This document is at http://www.rogerclarke.com/EC/BDAL.html
My comments were primarily in response to Emmanuel Letouzé's paper, outlined at 2. below; but with cross-references as appropriate to other papers at the Workshop, in particular Sarah Logan's, outlined at 1. below.
Sarah's field of view is post 9/11 mass surveillance - the hysteria within the national security community about gathering and exploiting vast volumes of data, primarily that relating to electronic communications. We have Snowden to thank for exposing the extent and nature of these activities.
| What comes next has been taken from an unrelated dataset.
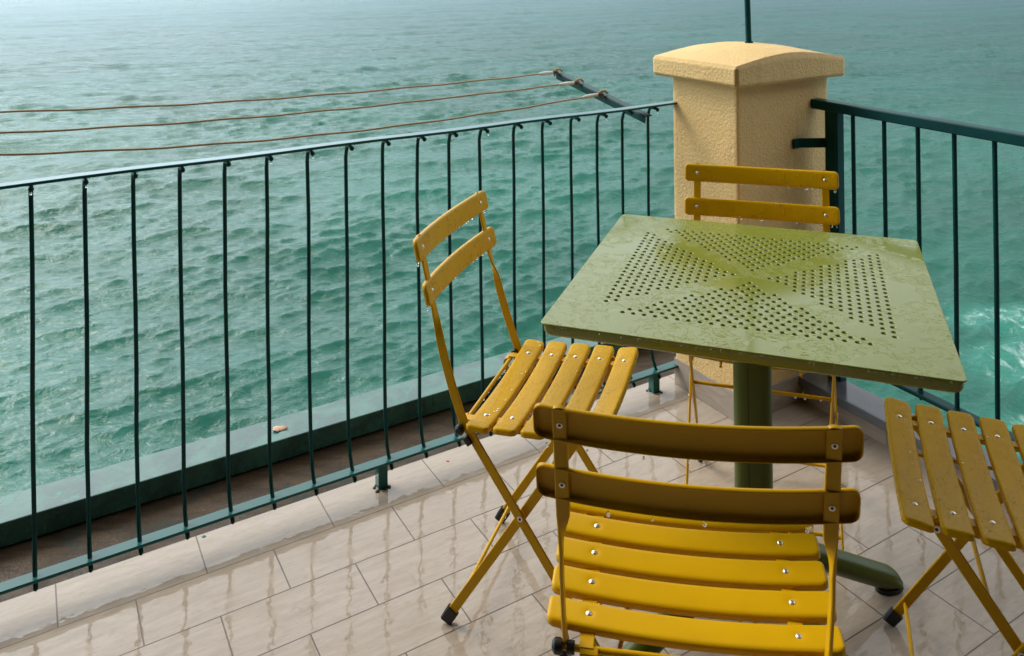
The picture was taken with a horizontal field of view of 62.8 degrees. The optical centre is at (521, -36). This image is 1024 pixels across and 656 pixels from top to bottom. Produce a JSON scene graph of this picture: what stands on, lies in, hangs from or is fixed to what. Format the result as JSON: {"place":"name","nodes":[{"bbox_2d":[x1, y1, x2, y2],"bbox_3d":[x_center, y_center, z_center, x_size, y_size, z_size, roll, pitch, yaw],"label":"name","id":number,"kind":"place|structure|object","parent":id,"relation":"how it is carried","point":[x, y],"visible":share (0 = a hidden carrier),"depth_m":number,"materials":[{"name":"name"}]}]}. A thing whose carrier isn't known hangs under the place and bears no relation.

The paper notes the state of anxiety that the national security community has reached, about "the fragility of power rather than its untroubled exercise".
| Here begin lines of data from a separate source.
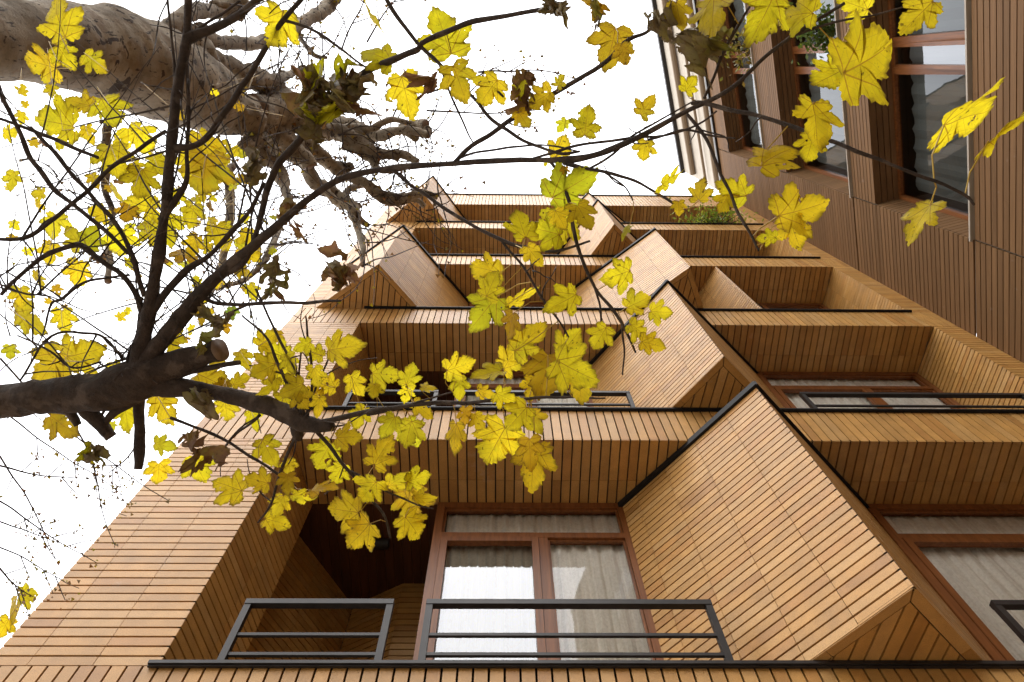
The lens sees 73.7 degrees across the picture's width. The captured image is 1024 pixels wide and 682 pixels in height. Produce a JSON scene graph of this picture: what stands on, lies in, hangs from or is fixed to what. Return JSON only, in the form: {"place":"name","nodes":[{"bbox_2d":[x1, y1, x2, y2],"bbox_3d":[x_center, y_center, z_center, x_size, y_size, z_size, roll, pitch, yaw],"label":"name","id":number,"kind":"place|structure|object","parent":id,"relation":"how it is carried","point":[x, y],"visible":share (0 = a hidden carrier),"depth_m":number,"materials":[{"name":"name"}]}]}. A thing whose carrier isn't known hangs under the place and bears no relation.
{"place":"outdoors","nodes":[
{"label":"outdoors","id":0,"kind":"place"},
{"bbox_2d":[0,0,589,616],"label":"plane tree","id":1,"kind":"object","parent":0,"point":[122,38],"visible":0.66,"depth_m":6.05,"materials":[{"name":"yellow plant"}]},
{"bbox_2d":[0,0,976,647],"label":"sky","id":2,"kind":"structure","parent":0,"point":[612,94],"materials":[{"name":"white"}]},
{"bbox_2d":[0,175,1023,681],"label":"wooden building","id":3,"kind":"structure","parent":0,"point":[780,461],"depth_m":6.30,"materials":[{"name":"wood cladding"},{"name":"stained wood"},{"name":"glass"}]},
{"bbox_2d":[469,301,544,306],"bbox_3d":[0.029,-0.226,11.295,1.573,2.485,0.090,0,-69,-1],"label":"window","id":4,"kind":"structure","parent":3,"relation":"in","point":[532,304],"depth_m":12.37,"materials":[{"name":"brown wood"}]},
{"bbox_2d":[454,370,593,406],"bbox_3d":[0.159,0.929,8.388,1.783,2.563,0.139,0,-69,-1],"label":"window","id":5,"kind":"structure","parent":3,"relation":"in","point":[518,376],"depth_m":9.03,"materials":[{"name":"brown wood"}]},
{"bbox_2d":[413,502,663,659],"bbox_3d":[0.195,2.095,5.420,1.802,2.604,0.140,0,-69,-1],"label":"window","id":6,"kind":"structure","parent":3,"relation":"in","point":[486,550],"depth_m":5.77,"materials":[{"name":"brown wood"}]},
{"bbox_2d":[669,192,763,224],"bbox_3d":[4.719,-2.802,16.222,2.349,1.290,1.633,0,-69,-1],"label":"balcony shrub","id":7,"kind":"object","parent":3,"relation":"on","point":[712,218],"visible":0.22,"depth_m":15.80,"materials":[{"name":"green plant"}]},
{"bbox_2d":[759,303,828,308],"bbox_3d":[5.107,-0.194,11.351,1.165,2.485,0.090,0,-69,-1],"label":"window","id":8,"kind":"structure","parent":3,"relation":"in","point":[764,305],"depth_m":12.43,"materials":[{"name":"brown wood"}]},
{"bbox_2d":[756,371,965,408],"bbox_3d":[4.567,0.957,8.437,2.295,2.563,0.139,0,-69,-1],"label":"window","id":9,"kind":"structure","parent":3,"relation":"in","point":[786,387],"depth_m":9.15,"materials":[{"name":"brown wood"}]},
{"bbox_2d":[868,504,1023,659],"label":"window","id":10,"kind":"structure","parent":3,"relation":"in","point":[972,555],"depth_m":6.07,"materials":[{"name":"brown wood"}]},
{"bbox_2d":[0,0,1023,638],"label":"maple tree","id":11,"kind":"object","parent":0,"point":[150,370],"visible":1,"depth_m":2.33,"materials":[{"name":"yellow plant"}]},
{"label":"ground","id":12,"kind":"structure","parent":0,"visible":0},
{"bbox_2d":[651,0,980,332],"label":"cream building","id":13,"kind":"structure","parent":12,"relation":"on","point":[695,158],"depth_m":26.08,"materials":[{"name":"beige paint"}]},
{"bbox_2d":[693,0,1023,362],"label":"timber building","id":14,"kind":"structure","parent":12,"relation":"on","point":[962,52],"depth_m":9.99,"materials":[{"name":"brown wood"}]},
{"bbox_2d":[720,19,752,86],"bbox_3d":[5.404,-6.376,14.637,2.267,1.189,1.444,-23,-70,8],"label":"hanging plant","id":15,"kind":"object","parent":14,"relation":"hanging from","point":[747,53],"visible":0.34,"depth_m":15.02,"materials":[{"name":"green plant"}]},
{"bbox_2d":[718,0,764,158],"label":"window","id":16,"kind":"structure","parent":14,"relation":"in","point":[746,98],"depth_m":17.26,"materials":[{"name":"grey"}]},
{"bbox_2d":[789,1,835,64],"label":"hanging plant","id":17,"kind":"object","parent":14,"relation":"hanging from","point":[820,37],"visible":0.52,"depth_m":11.43,"materials":[{"name":"green plant"}]},
{"bbox_2d":[772,0,853,197],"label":"window","id":18,"kind":"structure","parent":14,"relation":"in","point":[831,169],"depth_m":13.38,"materials":[{"name":"grey"}]},
{"bbox_2d":[864,0,975,241],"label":"window","id":19,"kind":"structure","parent":14,"relation":"in","point":[930,75],"depth_m":9.82,"materials":[{"name":"grey"}]}
]}

The main drive of the paper is to consider the two metaphors that have driven analysis of the phenomenon. The panopticon metaphor has long been familiar. (Foucault's 'Discipline and Punish' currently shows about 50,000 citations, growing at about 4,000 p.a.). The 'haystack' metaphor, on the other hand, while used long before 2001 in the context of data mining, has been far more widely used since General Alexander popularised it in 2013.
The panopticon metaphor leads its users into an assumption of omniscience on the part of the prison superintendant, the State in general, and the NSA in particular. The haystack metaphor, on the other hand, leads to inferences that needles exist, that the whole haystack needs to be accessible if they are to be found, and that clever technologists will indeed find the hidden needles.
However, Sarah draws attention to, at best, the lack of evidence that undesirable behaviour has been prevented by either the panoptic effect or the haystack, and, at worst, the very low success-rate that has actually arisen from mass surveillance.
She asks questions about how the needle is defined, whether a useful definition is feasible, and whether false-positives inevitably swamp what few relevant instances are found, and necessarily result in paralysis by analysis. She also points out that the haystack can never be complete, because many real-world events are not recorded, or only some aspects of them are recorded, and in any case the theoretical 'whole haystack' is infinitely large.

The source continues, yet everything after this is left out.